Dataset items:

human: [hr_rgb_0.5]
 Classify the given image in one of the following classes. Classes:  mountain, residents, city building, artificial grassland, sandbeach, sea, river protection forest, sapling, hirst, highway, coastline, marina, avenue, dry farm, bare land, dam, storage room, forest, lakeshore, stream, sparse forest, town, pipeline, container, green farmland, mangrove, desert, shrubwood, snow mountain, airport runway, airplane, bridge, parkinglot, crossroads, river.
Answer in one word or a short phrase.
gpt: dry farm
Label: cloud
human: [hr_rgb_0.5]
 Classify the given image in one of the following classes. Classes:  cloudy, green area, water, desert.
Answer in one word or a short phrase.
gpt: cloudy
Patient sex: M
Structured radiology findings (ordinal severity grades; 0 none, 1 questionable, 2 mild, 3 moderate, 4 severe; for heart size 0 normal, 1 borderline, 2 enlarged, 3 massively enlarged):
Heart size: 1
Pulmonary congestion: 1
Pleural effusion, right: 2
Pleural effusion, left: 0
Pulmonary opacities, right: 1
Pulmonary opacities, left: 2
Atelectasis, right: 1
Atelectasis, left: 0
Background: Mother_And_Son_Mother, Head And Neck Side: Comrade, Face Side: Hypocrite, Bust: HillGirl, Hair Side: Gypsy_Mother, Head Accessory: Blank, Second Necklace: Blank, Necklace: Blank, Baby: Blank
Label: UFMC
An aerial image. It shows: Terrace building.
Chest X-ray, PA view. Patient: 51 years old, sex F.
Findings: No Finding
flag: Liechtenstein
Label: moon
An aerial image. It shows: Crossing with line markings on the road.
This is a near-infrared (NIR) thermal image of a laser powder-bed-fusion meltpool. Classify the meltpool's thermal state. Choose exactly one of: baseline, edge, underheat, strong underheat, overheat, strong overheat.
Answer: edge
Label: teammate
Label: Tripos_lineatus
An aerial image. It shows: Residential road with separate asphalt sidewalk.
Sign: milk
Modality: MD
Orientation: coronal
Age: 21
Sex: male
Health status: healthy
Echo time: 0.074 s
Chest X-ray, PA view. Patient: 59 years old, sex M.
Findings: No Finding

Task requirements: Copy, character for character, the lines from the line that holds "Modality: MD" through the final line of the records above.

Problem solution:
Modality: MD
Orientation: coronal
Age: 21
Sex: male
Health status: healthy
Echo time: 0.074 s
Chest X-ray, PA view. Patient: 59 years old, sex M.
Findings: No Finding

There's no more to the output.